2. Ratsmitglied Widner (SPD) dankt zunächst der Wählerschaft für das entgegen­gebrachte Vertrauen. Die Abtretung eines Ausschußsitzes der CDU an die FDP bezeichnet er als einen hervorragenden demokratischen Stil. Unter Hinweis auf die zukünftige Zusammenarbeit im Stadtrat erklärt er, es werde dort Konfrontationen geben, wo dies im Interesse der Stadt notwendig sei. Dies sei aber nicht Ziel der Stadtratspolitik seiner Fraktion. Er hoffe auf eine gute Zusammenarbeit mit den übrigen Fraktionen und auf eine rege Teilnahme der Bürger an den Sitzungen des Stadtrates.
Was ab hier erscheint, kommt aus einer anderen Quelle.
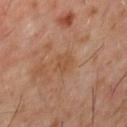A male patient, aged 58–62.
On the back.
This is a cross-polarized tile.
The lesion's longest dimension is about 2.5 mm.
A roughly 15 mm field-of-view crop from a total-body skin photograph.
The total-body-photography lesion software estimated an area of roughly 4.5 mm² and an outline eccentricity of about 0.4 (0 = round, 1 = elongated). It also reported roughly 5 lightness units darker than nearby skin and a normalized border contrast of about 5. It also reported border irregularity of about 3 on a 0–10 scale, internal color variation of about 2 on a 0–10 scale, and peripheral color asymmetry of about 0.5. The analysis additionally found a detector confidence of about 100 out of 100 that the crop contains a lesion.

3. Ratsmitglied Schweizer (FWG) kündigt an, die zukünftige Arbeit seiner Fraktion werde dem Wohl der Bürger dienen. Daher werde man eine sachgerechte und vernunft­bezogene Politik betreiben. Das Wohl des Bürgers und die Sache würden dabei im Vordergrund stehen. Die FWG-Fraktion sei sich bewußt, daß sie einen großen Auf­trag vom Wähler erhalten habe. In einer Erklärung zur Wahl der Beigeordneten

und der Ausschüsse weist Ratsmitglied Schweizer zunächst auf den großen Wahl­erfolg der FWG hin. Der Wähler habe dadurch seinen Willen zum Ausdruck gebracht, daß die FWG an der Kommunalpolitik in der Stadt an entscheidender Stelle betei­ligt werden soll. Er habe dadurch auch die Mehrheit der CDU brechen und trotz des bundesweiten Trends nicht der SPD ihre Stimme geben wollen. Diesen Hinweis auf das Wählerverhalten begründet Ratsmitglied Schweizer durch die Aussage, die Parteien des Stadtrates hätten beschlossen, die FWG nur als vierten Faktor zu betrachten. Dagegen sei die FDP an die dritte Stelle gesetzt worden. Seine Fraktion habe den Wählerwillen erfüllt wissen wollen bei der Wahl der Beige­ordneten und der Ausschüsse. Doch seien SPD und FDP nicht bereit gewesen, einer dem Wahlergebnis entsprechenden Besetzung zuzustimmen. Er betone ausdrücklich, auch die FWG sei bereit gewesen, die FDP an der praktischen Arbeit zu beteiligen, jedoch nicht in dieser Größenordnung, wie sie durch die Zusage der CDU erreicht worden sei. Die FWG könne dieser Verhaltensweise nicht zustimmen. Daher habe man sich auch nicht an den gemeinsamen Wahl Vorschlägen beteiligt. Gleichwohl trage die FWG-Fraktion die Entscheidung der Parteien mit demokratischer Fairneß.

Für die FWG-Fraktion werde es kein Parteienwohl und auch kein Sonder- oder Eigeninteresse geben. Vielmehr werde eine vernunftbezogene und sachgerechte Arbeit betrieben. Die FWG-Fraktion vertraue darauf, daß sie nach dieser Legis­laturperiode noch stärker als bisher vertreten sein werde.

Zur Wahl der Beigeordneten und der Ausschüsse erklärt Ratsmitglied Schweizer, die FWG-Fraktion werde für den 1. Beigeordneten einen Gegenvorschlag unter­breiten, nicht jedoch für die Wahl des 2. und 3. Beigeordneten. Dabei werde man sich der Stimme enthalten. Für die Ausschußwahlen werde man eigene Wahl- vorschläge unterbreiten.

Ratsmitglied Schweizer begrüßt auch, daß zahlreiche Zuhörer erschienen sind und hofft, daß in Zukunft das Interesse der Bürger der Stadt an der Stadtrats­politik noch steigen werde.